Solution: A’s activity is double than B’ activity.
A’s one day work = B’s 2 day’s work
B’s one day work = A’s ½ day work
If A and B work together, they can built a wall in 30 days
So A’s one day work + B’s one day work {A’s ½ day work} = 1/30 part
In (1+1/2 ) 3/2 days A did 1/30 part of work
A’s 1 day work = (1/30) X (2/3) = 1/45 part
Therefore, A alone can complete the work in 45 days.
vii) A,B and C when working separately can complete a work in 2,3 and 4 days respectively. If A,B and C work together and jointly earn Rs3900 for the whole work, what will be the ratio to divide the money? ( TIME AND WORK MATH)
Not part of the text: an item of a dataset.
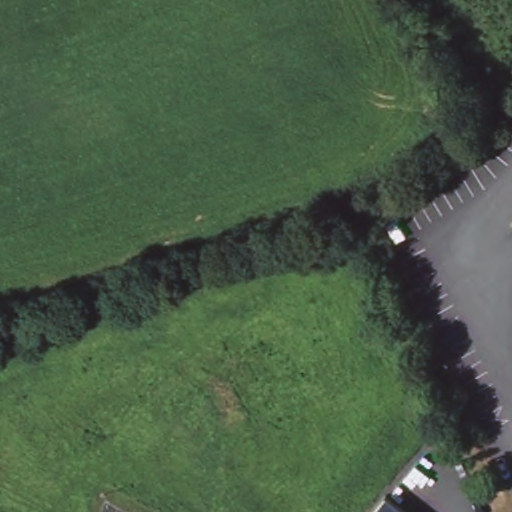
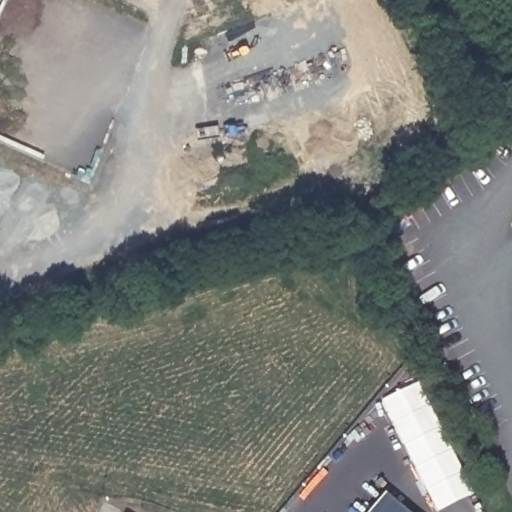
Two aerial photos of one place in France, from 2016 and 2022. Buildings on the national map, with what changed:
new [(381,399),(422,379),(475,496),(439,512),(438,512),(381,399)]
unchanged [(408,512),(366,512),(384,491),(408,512)]

Solution: A’s one day work = ½
B’s one day work = 1/3
C’s one day work 1/4
So, the money will be divided among them,
A,B and C will get money in following ratio = 1/2 : 1/3 : ¼
Or L.C.M. of 2,3 and 4 = 12
So A : B: C :: (1/2 X 12) : (1/3 X 12) : (1/4 X 12) = 6:4:3
Total sum of the ratio = 6+4+3 = 13
Total money = Rs3900
Share of A = {(6 X 13) X 3900} = Rs 1800
Share of B = {(4/13) X 3900} = Rs 1200
Share of C = {(3/13) X 3900} = Rs 900
Therefore, A will get Rs1800; B will get Rs1200; C will get Rs900.
viii)A and B together can do a piece of work in 20 days. B and C jointly can complete that work in 15 days, where C and A jointly complete it in 12 days. How many days are needed to complete the work when both of them are working together? If they are working separately then how much time will be needed to complete the same work? ( TIME AND WORK MATH)
Solution: A and B can complete a work in 20 days
one day work of A + B = 1/20 part of work
when B and C work together they can complete the work in 15 days
one day work of B + C = 1/15 part of work
C and A can together complete a work in 12 days
one day work of A + C = 1/12 part of work
Adding up all = A+B +B+C+A+C = 1/20 + 1/15 +1/12
Or,2(A+B+C) = (3+4+5)/60 = 12/60 =1/5
Or, A+B+C =1/10
If A,B and C work together they can finish the work in 10 days.
If they work separately, then (A+B+C) – (A+B) = work of C = (1/10)- (1/20) = (2-1)/20 = 1/20 part in 1 day
(A+B+C) – (B+C) = work of A =( 1/10) –(1/15) = (3-2)/30 = 1/30 part in 1 day,
(A+B+C) – (C+A)= work of B = (1/10)-(1/12) = (6-5)/60= 1/60 part in 1 day.
Therefore, A,B and C can together complete the work in 10 days.
But, if they work separately then A can finish the work in 30 days,
B can finish the work in 60 days
C can finish the work in 20 days.
ix)Tap A and tap B can fill a tank in 4 hours and 6 hours respectively and tap C present at the bottom which can empty the tank in 12 hours. When the tank is completely empty and all the three taps are opened then in how many hours the tank will be full?
Solution; In one hour, tap A fills 1/4 part of tank,
In one hour, tap B will fill 1/6 part of tank
In one hour tap C will empty 1/12 part of tank
So, in one hour, the portion of tank filled by the taps A,B and C all together =
(1/4 + 1/6) – 1/12 = (3+2-1)/12
=4/12
=1/3
Therefore, when all taps are opened the tank will be full in 3 hours.
x) Pipe A can fill a tank in 10 hours and pipe B can fill the same tank in 20 hours. If both the pipes fill the tank simultaneously. What time will they take to fill the tank?
Solution: Pipe A can fill tank in 1 hour = 1/10 part
Pipe B can fill tank in 1 hour = 1/20 part
When both the pipes are working then part of tank filled by pipe A and pipe B
= (1/10)+(1/20)
=(2+1)/30
=3/20
Therefore, time taken by the pipes A and B take to fill the tank is 20/3 hours = 6 hours 40 minutes.